Sprint has a USB EVDO modem that has support for windows, mac, AND LINUX (ovation U727) ... and it's not Verizon! :-)

$80 for the card, $60/mo for unlimited bandwidth ($40/mo for 40MB/mo). But, no word on whether anyone has it working with maemo.

They also have Sierra Aircard 595U USB EVDO modem, for the same pricing. But it only claims to have windows and mac support.

AT&T has the Sierra Aircard 875U USB HSDPA modem for $50 up front ($30 for 10MB/mo, $60 for unlimited data/month). And, again, it only claims windows and mac support.

Though, the Sierra site has an FAQ that tells how to _unofficially_ use the Aircard 775 with Linux. Don't know if that will work with maemo, or if it will work with other Aircard devices.

T-mobile, unfortunately, doesn't sell any USB based ones. There are third parties, like Falcon, that sell GSM GPRS USB modems and stuff, that might work with T-mobile, but I have no idea of the state of their Linux support.

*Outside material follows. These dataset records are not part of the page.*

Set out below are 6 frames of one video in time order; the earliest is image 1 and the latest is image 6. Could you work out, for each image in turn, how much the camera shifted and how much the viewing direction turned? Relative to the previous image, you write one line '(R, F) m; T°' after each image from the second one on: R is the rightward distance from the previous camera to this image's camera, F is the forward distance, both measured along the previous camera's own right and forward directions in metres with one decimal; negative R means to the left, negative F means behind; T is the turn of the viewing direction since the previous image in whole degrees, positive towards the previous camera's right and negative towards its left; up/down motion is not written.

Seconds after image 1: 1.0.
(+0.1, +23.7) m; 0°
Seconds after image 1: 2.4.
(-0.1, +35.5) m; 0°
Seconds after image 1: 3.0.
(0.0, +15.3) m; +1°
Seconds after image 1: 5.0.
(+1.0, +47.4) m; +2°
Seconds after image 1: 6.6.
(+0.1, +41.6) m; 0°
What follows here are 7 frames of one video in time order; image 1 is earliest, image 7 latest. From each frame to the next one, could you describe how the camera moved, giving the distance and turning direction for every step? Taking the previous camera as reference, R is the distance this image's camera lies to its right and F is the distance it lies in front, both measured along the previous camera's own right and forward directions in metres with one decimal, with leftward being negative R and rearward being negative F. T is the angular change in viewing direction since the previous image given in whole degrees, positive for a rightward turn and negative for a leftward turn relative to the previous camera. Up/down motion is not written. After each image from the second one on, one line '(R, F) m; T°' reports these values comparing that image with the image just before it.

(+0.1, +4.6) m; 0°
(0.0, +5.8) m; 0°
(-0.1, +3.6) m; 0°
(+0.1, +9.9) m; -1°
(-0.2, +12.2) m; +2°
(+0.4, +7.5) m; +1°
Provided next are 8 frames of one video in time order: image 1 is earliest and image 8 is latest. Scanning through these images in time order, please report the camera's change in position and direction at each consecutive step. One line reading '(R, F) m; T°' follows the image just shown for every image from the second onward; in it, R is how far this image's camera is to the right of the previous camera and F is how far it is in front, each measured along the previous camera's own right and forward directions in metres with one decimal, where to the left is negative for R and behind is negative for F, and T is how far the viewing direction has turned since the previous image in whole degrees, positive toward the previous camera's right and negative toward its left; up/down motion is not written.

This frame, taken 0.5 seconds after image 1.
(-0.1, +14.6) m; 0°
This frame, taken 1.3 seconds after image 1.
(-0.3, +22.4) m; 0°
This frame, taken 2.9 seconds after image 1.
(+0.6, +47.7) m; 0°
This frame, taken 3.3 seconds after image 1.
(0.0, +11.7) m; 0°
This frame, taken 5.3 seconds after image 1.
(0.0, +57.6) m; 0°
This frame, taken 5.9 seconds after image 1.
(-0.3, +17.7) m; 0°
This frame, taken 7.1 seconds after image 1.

What someone really needs to do is develop mobile modems that communicate to client devices via Bluetooth DUN, Bluetooth PAN, and/or act as Wifi access points (low power is fine, since it's not intended to serve your entire house). Put an internal battery in it, a USB interface solely for manipulating config files (presents itself to the host as a hard drive), and that's it. Then you don't have to worry about which OS it has drivers for, because it's going to be entirely based on standard communication protocols.